Identify all lines in the data containing the string "round". Copy them out.

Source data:
===============
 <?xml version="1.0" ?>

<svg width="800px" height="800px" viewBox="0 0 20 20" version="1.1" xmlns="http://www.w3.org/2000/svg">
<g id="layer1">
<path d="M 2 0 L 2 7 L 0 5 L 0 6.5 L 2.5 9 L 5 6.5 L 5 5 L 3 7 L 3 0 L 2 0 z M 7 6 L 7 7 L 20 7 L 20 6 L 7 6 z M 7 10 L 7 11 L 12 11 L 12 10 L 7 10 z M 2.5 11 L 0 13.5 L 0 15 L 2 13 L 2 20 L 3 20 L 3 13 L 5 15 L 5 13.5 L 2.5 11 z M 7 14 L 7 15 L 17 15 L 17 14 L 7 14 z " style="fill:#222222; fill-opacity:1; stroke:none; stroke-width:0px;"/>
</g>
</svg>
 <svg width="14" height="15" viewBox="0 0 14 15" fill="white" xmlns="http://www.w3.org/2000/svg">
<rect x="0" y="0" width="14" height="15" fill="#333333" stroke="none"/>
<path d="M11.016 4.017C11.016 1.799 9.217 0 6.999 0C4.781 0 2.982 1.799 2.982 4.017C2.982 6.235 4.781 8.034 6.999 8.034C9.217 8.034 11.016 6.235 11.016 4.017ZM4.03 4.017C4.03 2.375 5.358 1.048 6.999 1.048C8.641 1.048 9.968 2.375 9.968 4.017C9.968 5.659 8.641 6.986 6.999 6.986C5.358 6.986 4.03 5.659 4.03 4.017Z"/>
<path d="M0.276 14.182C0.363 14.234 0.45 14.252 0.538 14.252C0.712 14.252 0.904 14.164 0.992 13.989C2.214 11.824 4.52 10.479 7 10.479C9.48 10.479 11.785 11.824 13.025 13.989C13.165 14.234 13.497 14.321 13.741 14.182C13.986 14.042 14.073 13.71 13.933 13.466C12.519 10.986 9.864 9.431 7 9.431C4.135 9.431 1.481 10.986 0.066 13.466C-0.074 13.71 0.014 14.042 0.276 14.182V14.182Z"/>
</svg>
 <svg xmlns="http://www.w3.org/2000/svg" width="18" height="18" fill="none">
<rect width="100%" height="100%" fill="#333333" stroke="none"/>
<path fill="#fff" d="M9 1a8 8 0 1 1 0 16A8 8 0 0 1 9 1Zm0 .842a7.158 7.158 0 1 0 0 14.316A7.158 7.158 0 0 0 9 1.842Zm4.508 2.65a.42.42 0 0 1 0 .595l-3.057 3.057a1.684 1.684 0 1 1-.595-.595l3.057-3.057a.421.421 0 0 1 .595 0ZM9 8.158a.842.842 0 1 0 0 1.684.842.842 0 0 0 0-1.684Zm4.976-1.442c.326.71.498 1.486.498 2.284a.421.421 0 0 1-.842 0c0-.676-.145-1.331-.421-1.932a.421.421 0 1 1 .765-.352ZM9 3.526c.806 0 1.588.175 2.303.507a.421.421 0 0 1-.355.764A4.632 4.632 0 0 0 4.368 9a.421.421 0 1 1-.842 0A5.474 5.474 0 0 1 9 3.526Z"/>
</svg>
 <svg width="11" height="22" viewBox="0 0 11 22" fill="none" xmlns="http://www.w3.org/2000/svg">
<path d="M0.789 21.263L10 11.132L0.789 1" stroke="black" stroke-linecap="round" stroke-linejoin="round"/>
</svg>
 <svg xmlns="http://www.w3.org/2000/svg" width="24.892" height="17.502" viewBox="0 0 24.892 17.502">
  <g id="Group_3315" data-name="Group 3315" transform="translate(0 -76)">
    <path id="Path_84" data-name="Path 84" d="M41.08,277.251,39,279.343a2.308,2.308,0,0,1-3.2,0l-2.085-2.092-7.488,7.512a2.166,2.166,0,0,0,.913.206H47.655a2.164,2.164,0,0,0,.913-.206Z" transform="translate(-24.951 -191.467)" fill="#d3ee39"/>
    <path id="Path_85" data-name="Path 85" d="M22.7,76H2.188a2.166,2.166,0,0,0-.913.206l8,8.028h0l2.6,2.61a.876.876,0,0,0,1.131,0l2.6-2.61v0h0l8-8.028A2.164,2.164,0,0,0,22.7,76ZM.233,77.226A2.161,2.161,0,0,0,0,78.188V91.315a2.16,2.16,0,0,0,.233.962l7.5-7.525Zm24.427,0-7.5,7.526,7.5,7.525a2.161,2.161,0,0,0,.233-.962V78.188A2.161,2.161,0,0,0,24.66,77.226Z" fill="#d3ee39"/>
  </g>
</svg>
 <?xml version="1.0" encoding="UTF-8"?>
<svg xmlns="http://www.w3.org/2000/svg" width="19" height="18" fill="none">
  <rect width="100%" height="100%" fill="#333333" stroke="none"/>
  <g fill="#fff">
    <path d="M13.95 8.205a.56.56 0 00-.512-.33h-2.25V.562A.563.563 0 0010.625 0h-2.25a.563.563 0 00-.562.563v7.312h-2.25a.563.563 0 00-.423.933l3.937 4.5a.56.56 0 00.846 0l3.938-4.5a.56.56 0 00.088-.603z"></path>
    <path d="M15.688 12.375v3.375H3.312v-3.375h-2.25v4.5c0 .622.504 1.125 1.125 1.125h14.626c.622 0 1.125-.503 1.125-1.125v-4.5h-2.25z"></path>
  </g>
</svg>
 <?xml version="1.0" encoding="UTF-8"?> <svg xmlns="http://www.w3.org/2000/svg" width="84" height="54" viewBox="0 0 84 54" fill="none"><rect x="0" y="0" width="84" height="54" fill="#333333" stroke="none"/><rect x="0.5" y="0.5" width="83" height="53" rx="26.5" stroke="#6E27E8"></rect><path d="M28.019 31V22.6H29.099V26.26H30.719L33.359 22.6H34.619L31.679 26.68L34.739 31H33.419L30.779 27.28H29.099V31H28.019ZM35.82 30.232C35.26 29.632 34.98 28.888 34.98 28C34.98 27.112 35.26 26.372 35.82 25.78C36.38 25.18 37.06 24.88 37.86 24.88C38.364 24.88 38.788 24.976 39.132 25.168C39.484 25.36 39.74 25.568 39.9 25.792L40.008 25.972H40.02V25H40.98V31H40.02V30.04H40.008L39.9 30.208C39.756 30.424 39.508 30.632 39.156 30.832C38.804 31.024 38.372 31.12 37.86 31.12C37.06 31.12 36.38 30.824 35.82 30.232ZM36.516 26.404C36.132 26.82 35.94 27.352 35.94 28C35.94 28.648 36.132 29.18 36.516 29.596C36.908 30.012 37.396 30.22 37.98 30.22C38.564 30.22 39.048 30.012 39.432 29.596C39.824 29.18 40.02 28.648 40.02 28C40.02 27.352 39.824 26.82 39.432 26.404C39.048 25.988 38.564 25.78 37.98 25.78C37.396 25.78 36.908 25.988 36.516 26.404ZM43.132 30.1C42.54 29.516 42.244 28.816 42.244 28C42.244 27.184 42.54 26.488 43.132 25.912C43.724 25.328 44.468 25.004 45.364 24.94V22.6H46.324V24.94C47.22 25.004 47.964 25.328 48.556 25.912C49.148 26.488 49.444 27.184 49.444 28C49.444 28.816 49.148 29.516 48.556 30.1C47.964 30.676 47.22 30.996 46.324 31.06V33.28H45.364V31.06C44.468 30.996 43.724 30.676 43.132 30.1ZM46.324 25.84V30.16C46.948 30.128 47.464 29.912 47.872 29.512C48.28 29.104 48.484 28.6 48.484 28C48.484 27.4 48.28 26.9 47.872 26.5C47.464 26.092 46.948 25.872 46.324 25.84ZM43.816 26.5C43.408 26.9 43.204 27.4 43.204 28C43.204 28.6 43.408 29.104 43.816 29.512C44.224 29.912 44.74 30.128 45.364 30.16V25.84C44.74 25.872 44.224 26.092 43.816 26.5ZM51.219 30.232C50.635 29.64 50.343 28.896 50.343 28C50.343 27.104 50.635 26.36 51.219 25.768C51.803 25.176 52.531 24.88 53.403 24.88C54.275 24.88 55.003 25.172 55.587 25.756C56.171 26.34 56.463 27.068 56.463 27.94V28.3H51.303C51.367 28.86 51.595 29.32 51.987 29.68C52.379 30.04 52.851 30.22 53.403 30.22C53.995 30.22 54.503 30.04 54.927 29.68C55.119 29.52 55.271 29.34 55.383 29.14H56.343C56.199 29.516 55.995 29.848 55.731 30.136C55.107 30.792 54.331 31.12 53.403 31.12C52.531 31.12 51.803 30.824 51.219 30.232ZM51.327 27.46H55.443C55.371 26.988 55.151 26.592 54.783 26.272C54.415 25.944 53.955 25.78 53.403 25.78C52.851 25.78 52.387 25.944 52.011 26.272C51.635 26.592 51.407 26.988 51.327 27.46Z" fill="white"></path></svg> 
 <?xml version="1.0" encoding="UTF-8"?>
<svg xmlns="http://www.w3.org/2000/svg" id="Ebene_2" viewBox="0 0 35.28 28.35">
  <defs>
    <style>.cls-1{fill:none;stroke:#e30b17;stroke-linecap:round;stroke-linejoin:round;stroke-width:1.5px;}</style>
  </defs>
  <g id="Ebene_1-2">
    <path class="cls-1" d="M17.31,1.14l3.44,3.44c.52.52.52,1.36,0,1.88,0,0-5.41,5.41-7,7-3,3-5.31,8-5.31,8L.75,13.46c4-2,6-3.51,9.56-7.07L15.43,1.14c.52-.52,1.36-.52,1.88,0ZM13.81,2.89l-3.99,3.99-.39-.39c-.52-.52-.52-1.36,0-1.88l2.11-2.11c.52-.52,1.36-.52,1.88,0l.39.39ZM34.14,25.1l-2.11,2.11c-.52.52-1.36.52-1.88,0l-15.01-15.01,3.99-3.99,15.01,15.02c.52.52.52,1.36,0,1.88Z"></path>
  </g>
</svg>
===============
#### Answer for this exercise
<path d="M0.789 21.263L10 11.132L0.789 1" stroke="black" stroke-linecap="round" stroke-linejoin="round"/>
    <style>.cls-1{fill:none;stroke:#e30b17;stroke-linecap:round;stroke-linejoin:round;stroke-width:1.5px;}</style>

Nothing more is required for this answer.